Several different synthetic and allograft bone graft substitutes are used clinically to treat large bone defects. In contrast to the "gold standard" of autologous bone grafts, these do not contain bone-forming (MSC) or vessel-forming (EPC) cells. In order to achieve the same level of success enjoyed by autologous bone grafts, they must be compatible with mesenchymal stem cells (MSC) and endothelial progenitor cells (EPC). In a previous study, we seeded MSC onto six different bone graft substitutes and then measured the cell adhesion, viability, differentiation, and morphology. In the present study, we seeded both MSC and EPC onto the same six bone graft substitutes and measured the same parameters. In vitro, 125,000 MSC and 125,000 EPC were seeded onto Chronos(®), Vitoss(®), Actifuse(®), Biobase(®), Cerabone(®), and Tutoplast(®). Cell adhesion (fluorescence microscopy) and viability (MTT assay) were measured on days 2, 6, and 10. Osteogenic (cbfa-1, alkaline phosphatase [ALP], osteocalcin, collagen-1 alpha [Col1A]) and endothelial (von Willebrand factor [vWF], vascular endothelial growth factor [VEGF], kinase domain receptor [KDR]) gene expression were analyzed by reverse transcriptase polymerase chain reaction (RT-PCR). Morphology was described by scanning electron microscopy (SEM) at day 2. MSC adhered significantly better to Tutoplast(®), Chronos(®), Actifuse(®), and Biobase(®). EPC adhered better to Actifuse(®), Chronos(®), Biobase(®), and Tutoplast(®).
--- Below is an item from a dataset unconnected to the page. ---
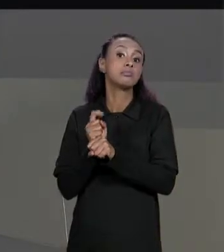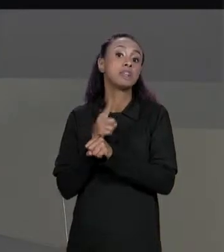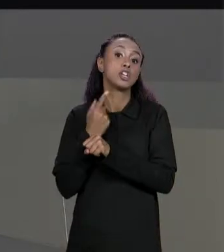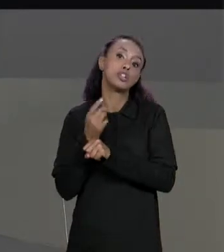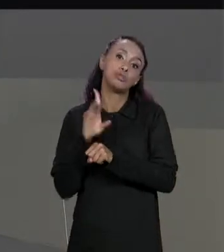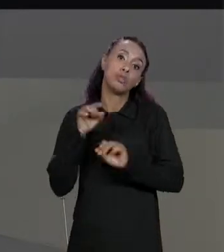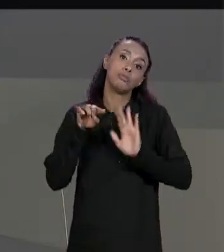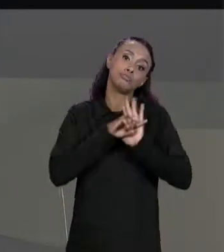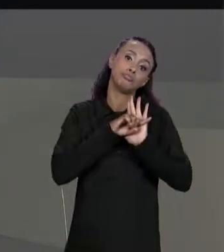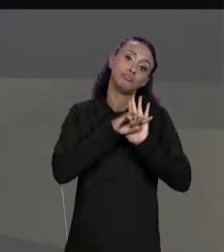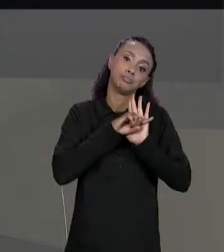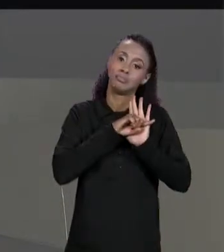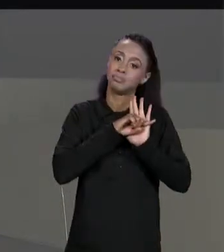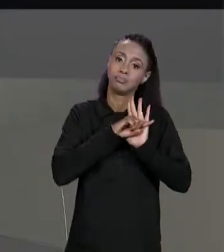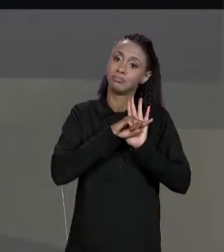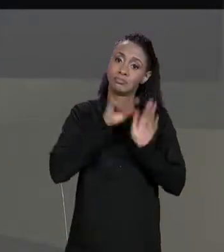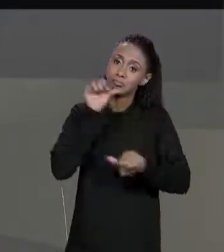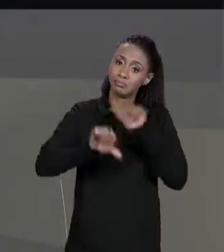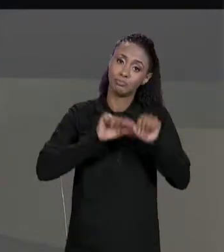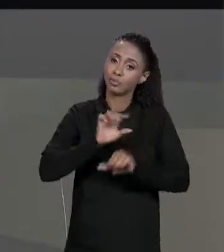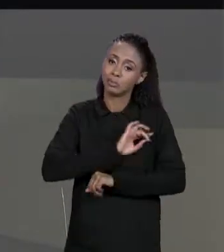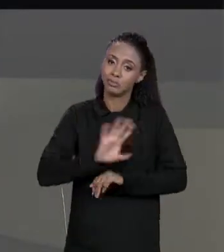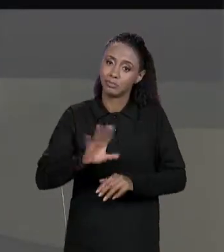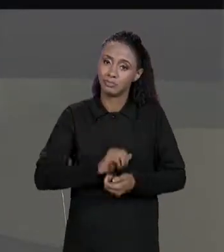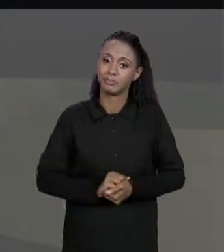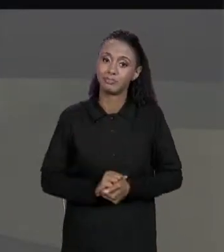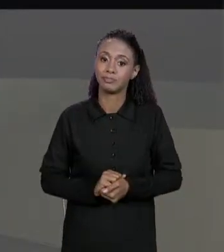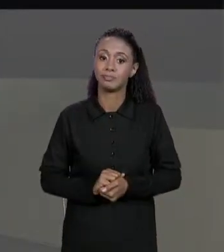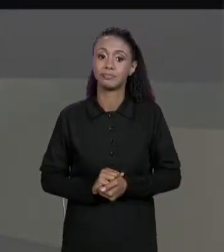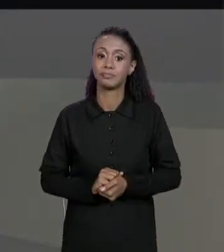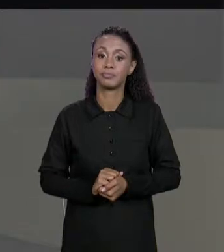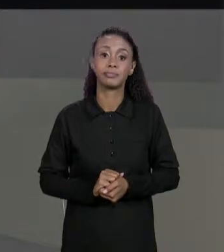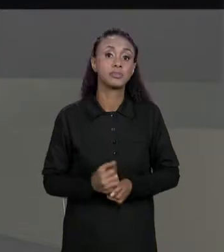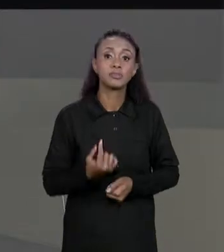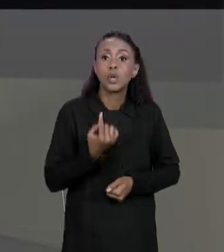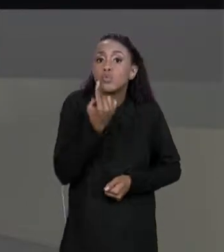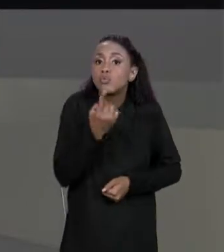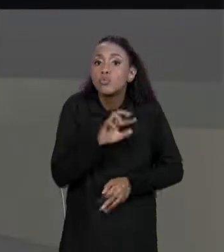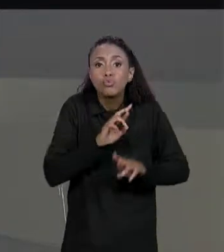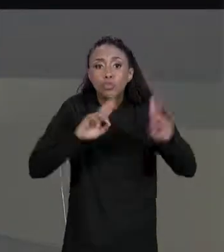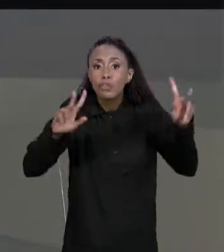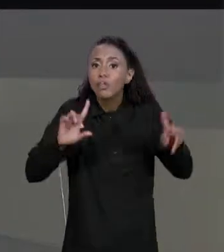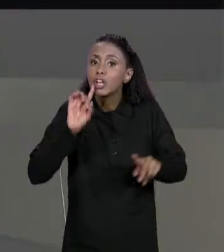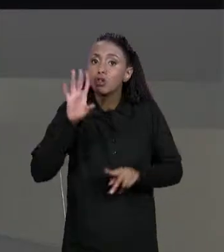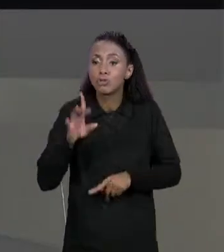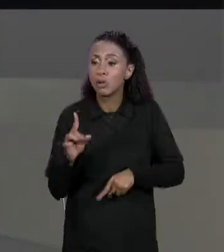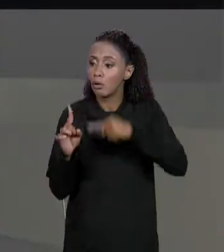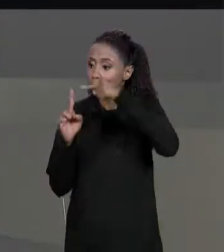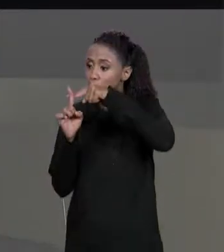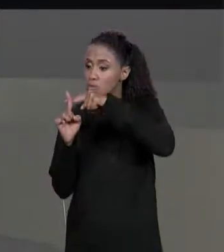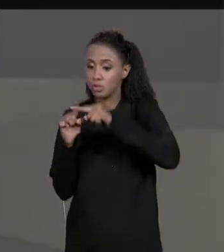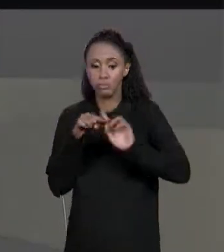ENTÃO A ÚNICA DIFERENÇA DO CÓDIGO DA SUBTRAÇÃO EM RELAÇÃO AO DA SOMA É QUE A GENTE MUDOU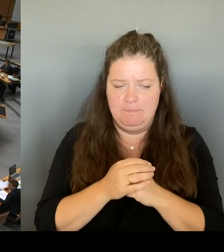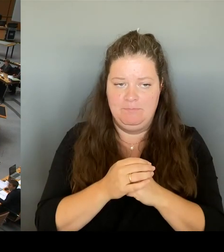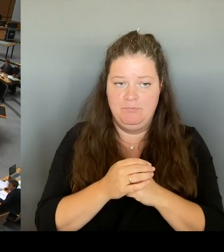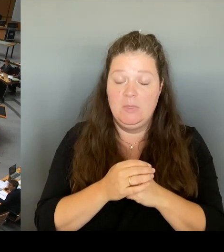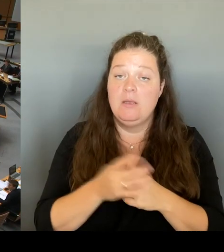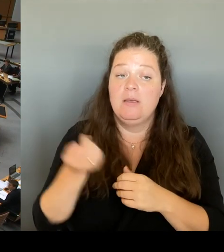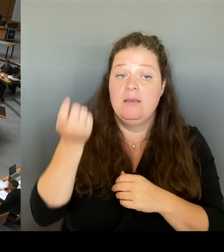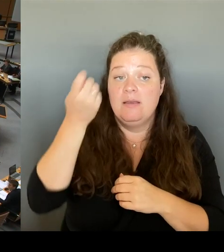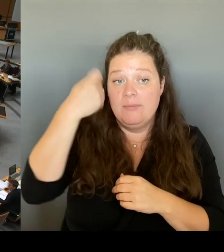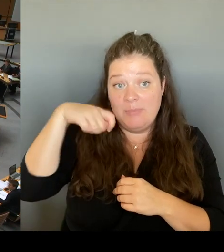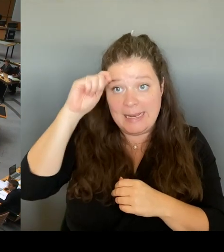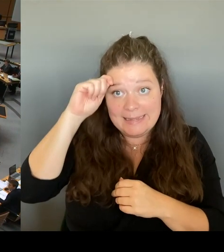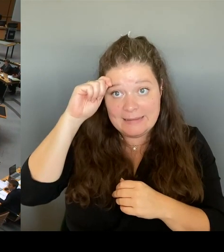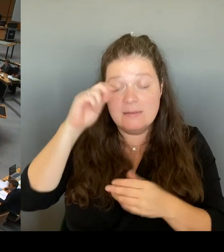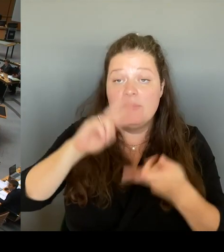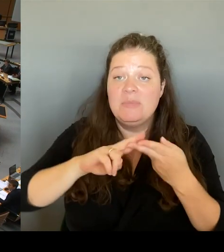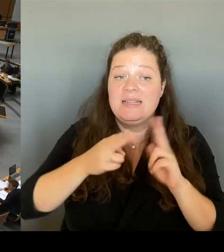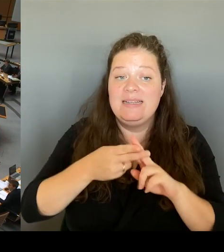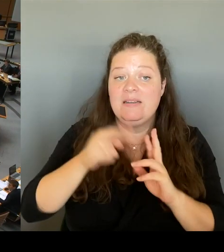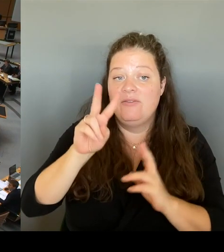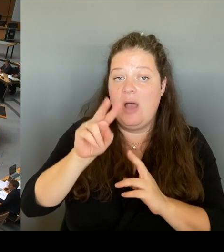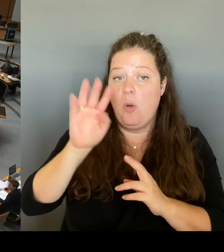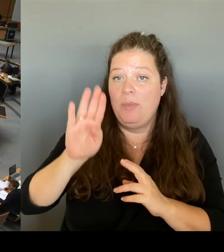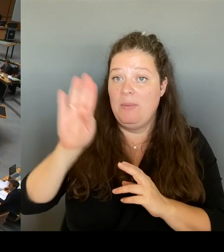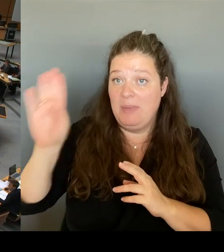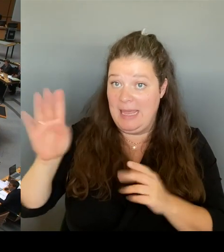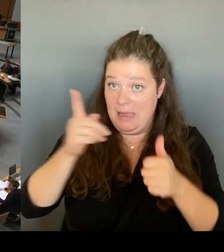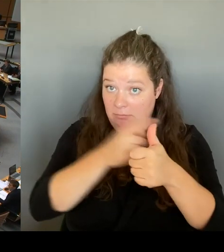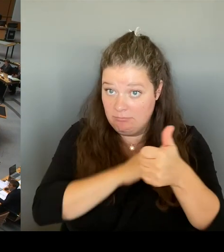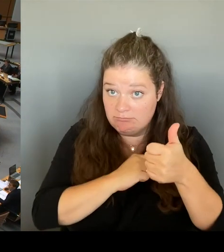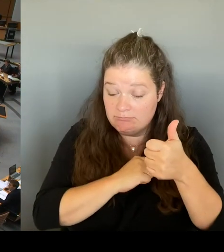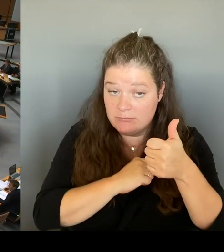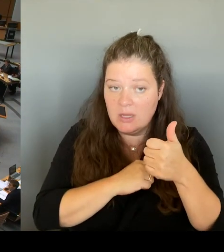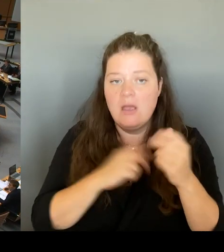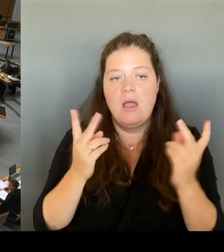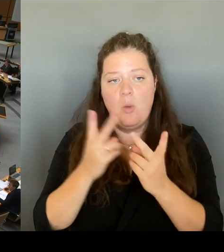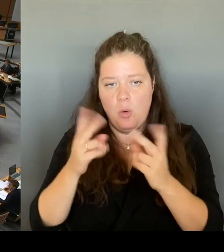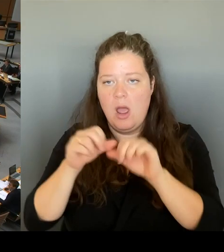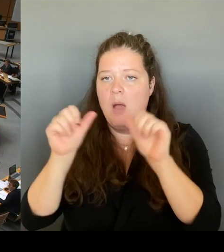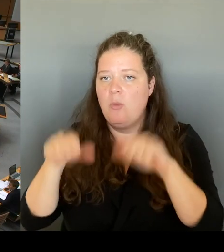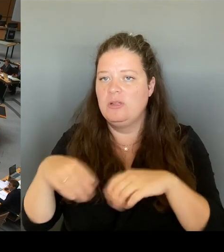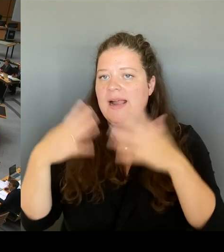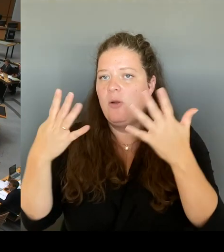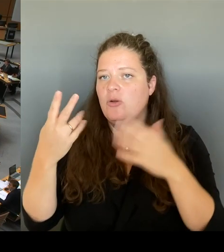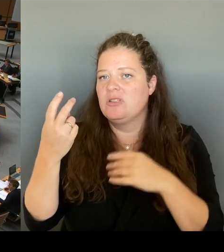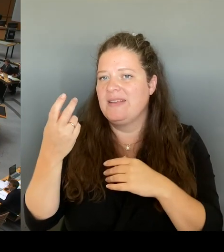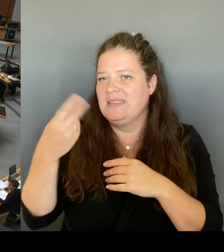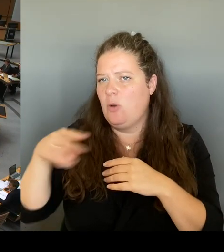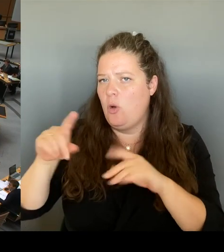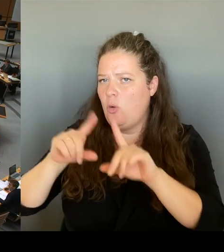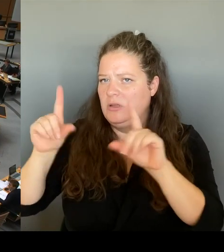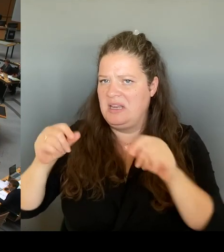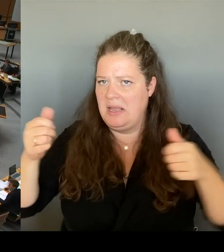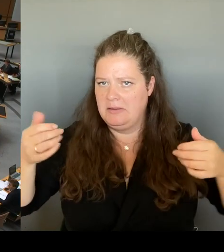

Viability increased over time when seeded on Tutoplast(®) and Chronos(®). Osteogenic and endothelial gene expression were detectable at day 10 in cells seeded on Chronos(®), Actifuse(®), and Tutoplast(®). The best morphology of MSC and EPC was found on Tutoplast(®), Chronos(®), Actifuse(®), and Biobase(®). When bone graft substitutes are used to help fill large defects, it is important that their interaction with these cells be supportive of bone healing.